What to do –
Scan the records for "Echo". Report each line that includes it.

Raw data –
======

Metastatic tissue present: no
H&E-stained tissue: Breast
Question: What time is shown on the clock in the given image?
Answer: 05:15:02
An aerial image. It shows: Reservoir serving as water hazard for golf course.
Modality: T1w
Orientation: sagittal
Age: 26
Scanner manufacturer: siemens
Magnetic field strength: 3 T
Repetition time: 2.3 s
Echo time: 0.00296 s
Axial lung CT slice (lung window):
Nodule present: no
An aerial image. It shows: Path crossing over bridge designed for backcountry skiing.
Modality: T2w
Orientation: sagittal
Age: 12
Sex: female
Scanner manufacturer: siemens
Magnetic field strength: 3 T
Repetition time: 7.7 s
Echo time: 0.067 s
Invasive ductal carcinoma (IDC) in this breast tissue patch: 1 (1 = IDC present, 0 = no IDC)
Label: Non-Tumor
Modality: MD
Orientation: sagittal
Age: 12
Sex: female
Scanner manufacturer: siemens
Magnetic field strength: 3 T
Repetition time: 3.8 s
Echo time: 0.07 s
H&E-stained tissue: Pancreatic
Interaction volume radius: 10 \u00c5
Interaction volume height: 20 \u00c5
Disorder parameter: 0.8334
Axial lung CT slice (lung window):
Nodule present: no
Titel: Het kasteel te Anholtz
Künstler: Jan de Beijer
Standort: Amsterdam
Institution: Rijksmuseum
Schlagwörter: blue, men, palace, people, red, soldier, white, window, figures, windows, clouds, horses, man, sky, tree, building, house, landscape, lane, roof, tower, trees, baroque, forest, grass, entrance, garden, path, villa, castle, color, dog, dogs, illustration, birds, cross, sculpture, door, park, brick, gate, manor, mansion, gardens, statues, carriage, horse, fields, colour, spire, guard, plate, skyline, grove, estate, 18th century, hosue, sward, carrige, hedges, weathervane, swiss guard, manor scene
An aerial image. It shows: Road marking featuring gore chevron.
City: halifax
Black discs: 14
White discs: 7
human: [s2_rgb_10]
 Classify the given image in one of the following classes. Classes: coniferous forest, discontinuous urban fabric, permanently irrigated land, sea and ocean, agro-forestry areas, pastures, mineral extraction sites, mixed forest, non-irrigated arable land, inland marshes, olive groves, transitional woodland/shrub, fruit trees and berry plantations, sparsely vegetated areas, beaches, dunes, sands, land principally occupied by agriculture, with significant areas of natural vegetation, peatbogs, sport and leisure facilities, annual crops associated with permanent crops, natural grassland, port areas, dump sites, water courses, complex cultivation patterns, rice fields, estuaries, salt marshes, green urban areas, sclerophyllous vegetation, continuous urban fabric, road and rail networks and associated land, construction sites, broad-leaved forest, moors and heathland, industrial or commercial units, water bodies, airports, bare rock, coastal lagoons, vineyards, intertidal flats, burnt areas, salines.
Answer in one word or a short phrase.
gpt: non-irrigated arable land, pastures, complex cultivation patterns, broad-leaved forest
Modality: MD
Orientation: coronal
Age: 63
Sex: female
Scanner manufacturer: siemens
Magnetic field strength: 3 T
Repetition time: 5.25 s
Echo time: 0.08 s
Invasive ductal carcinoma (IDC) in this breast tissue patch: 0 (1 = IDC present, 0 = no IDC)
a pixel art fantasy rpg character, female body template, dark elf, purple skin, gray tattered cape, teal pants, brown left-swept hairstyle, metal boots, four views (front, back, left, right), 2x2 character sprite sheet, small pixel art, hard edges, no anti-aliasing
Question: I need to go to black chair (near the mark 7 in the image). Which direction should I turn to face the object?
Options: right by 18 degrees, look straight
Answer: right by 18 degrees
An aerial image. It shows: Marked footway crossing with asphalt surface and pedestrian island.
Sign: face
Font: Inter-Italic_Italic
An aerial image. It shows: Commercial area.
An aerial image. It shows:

======

Answer to this problem –
Echo time: 0.00296 s
Echo time: 0.067 s
Echo time: 0.07 s
Echo time: 0.08 s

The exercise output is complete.